# Castle Bromwich



## spitfirefactory (Nov 12, 2006)

Hello from the UK. I have just joined and am looking for any new information on The History of Castle Bromwich Spitfire Factory. I am looking for restoration projects within the Serial Ranges of planes built within the factory. Also any information to / relating to the 365 Lancasters built also at the plant. Thank you for allowing me to join the forum and I am looking forward to the comments received. Any photo's of the surrounding areas and the Airfield would be greatfully received also Thankyou.


----------



## the lancaster kicks ass (Nov 12, 2006)

the lancs i can help you with  what info are you after?


----------



## spitfirefactory (Nov 12, 2006)

Thankyou for your reply. Basically I am intrested in all aspects of the Castle Bromwich factory.

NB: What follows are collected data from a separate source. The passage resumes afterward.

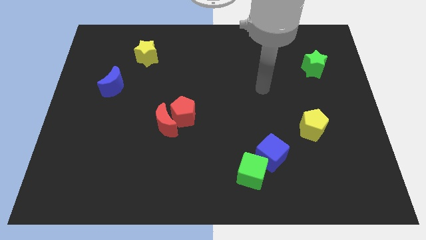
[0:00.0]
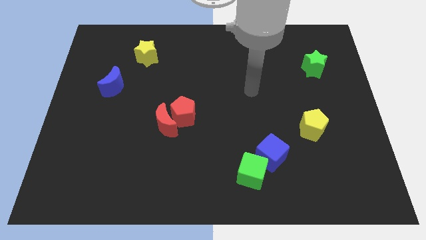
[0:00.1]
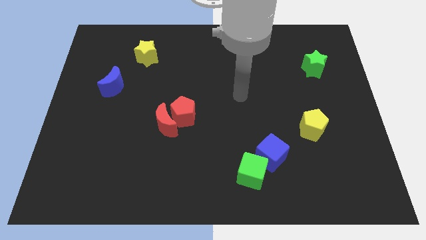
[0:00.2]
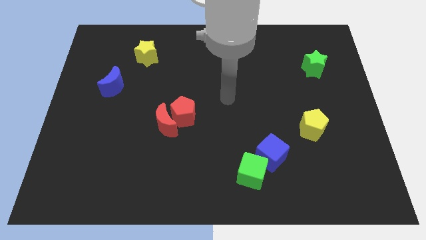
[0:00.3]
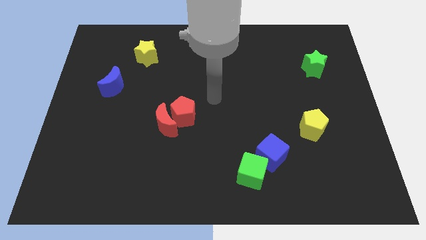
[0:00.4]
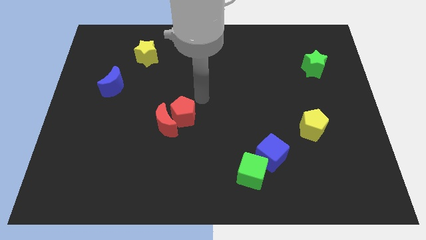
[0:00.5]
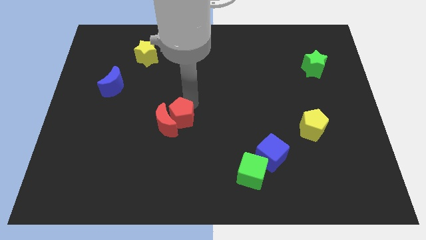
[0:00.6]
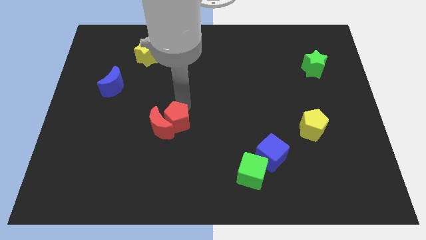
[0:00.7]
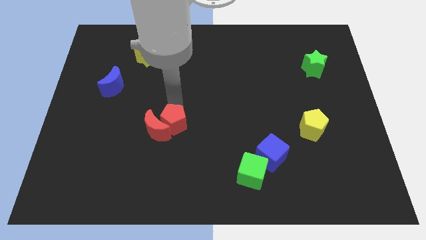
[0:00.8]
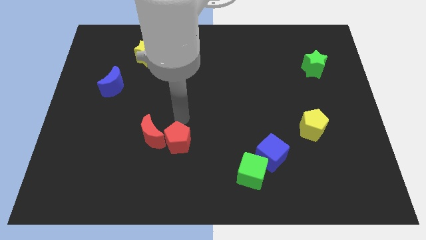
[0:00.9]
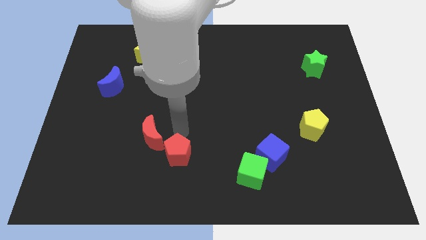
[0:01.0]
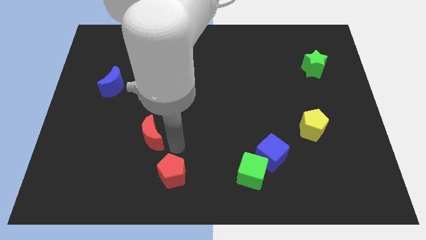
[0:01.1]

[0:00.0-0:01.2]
separate the red moon from the red pentagon

Are there any histories of the Lancasters built at the factory still remaining etc.


----------



## the lancaster kicks ass (Nov 21, 2006)

sorry, totally forgot about this thread 

the castle Castle Bromwich lancs have a marginally more interesting story then most as far as lancaster production batches go...........

The first 200 produced at the factory were originally ordered as Mk.IIs in september 1941, this was changed to Mk.III in February 1943 however they were eventually produced as Mk.Is from October 1943-February 1945

These 200 were issued serials HK535-HK806 (there's more than 200 difference because it was standard practice to miss serial numbers so jerry couldn't find out too much about our production), all lancs up to HK773 had merlin 22 engines, all subsiquent lancs having merlin 24s

The second production batch from Castle Bromwich was for an order of 200 Mk.Is, of which owing to it being the end of the war, only 100 were produced from February 21st- August 22nd 1945, all with merlin 24s and serials PP663-PP918, i hope this's along the lines of what you're after...........


----------